**INSTRUCTIONS FOR THE TASK:**
Pictures are to be left out. Return exactly the lines below from the one with "Q: Is the text underlined? A: No." up to and including the one with "The image shows 65".

**SUPPLIED RECORDS:**
☆ ☆ ☆ ☆ ☆ ☆ ☆

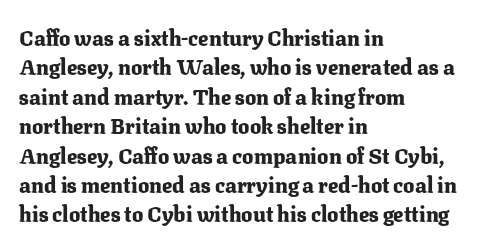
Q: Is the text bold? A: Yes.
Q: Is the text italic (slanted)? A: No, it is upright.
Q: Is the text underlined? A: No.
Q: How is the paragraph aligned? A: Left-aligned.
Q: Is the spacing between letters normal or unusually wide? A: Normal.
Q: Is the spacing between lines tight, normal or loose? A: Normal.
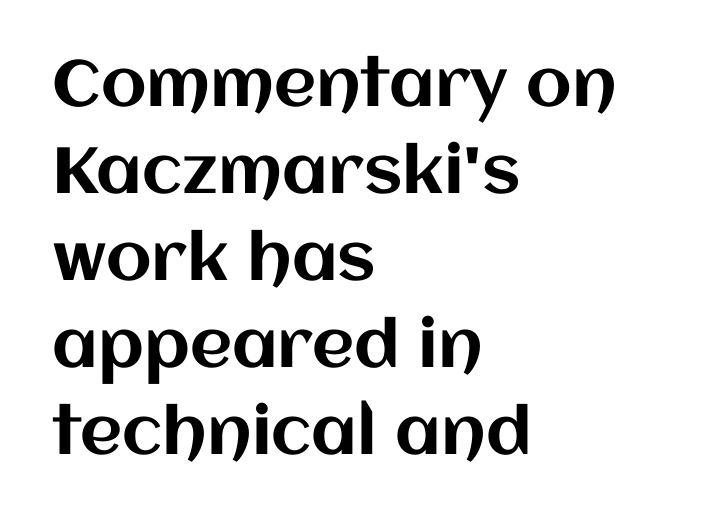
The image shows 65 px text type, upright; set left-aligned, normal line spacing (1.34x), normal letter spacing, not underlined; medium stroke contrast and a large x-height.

☆ ☆ ☆ ☆ ☆ ☆ ☆

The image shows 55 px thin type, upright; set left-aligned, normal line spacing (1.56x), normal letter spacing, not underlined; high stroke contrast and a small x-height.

☆ ☆ ☆ ☆ ☆ ☆ ☆

**ANSWER SPACE:**
Q: Is the text underlined? A: No.
Q: How is the paragraph aligned? A: Left-aligned.
Q: Is the spacing between letters normal or unusually wide? A: Normal.
Q: Is the spacing between lines tight, normal or loose? A: Normal.
The image shows 65 px text type, upright; set left-aligned, normal line spacing (1.34x), normal letter spacing, not underlined; medium stroke contrast and a large x-height.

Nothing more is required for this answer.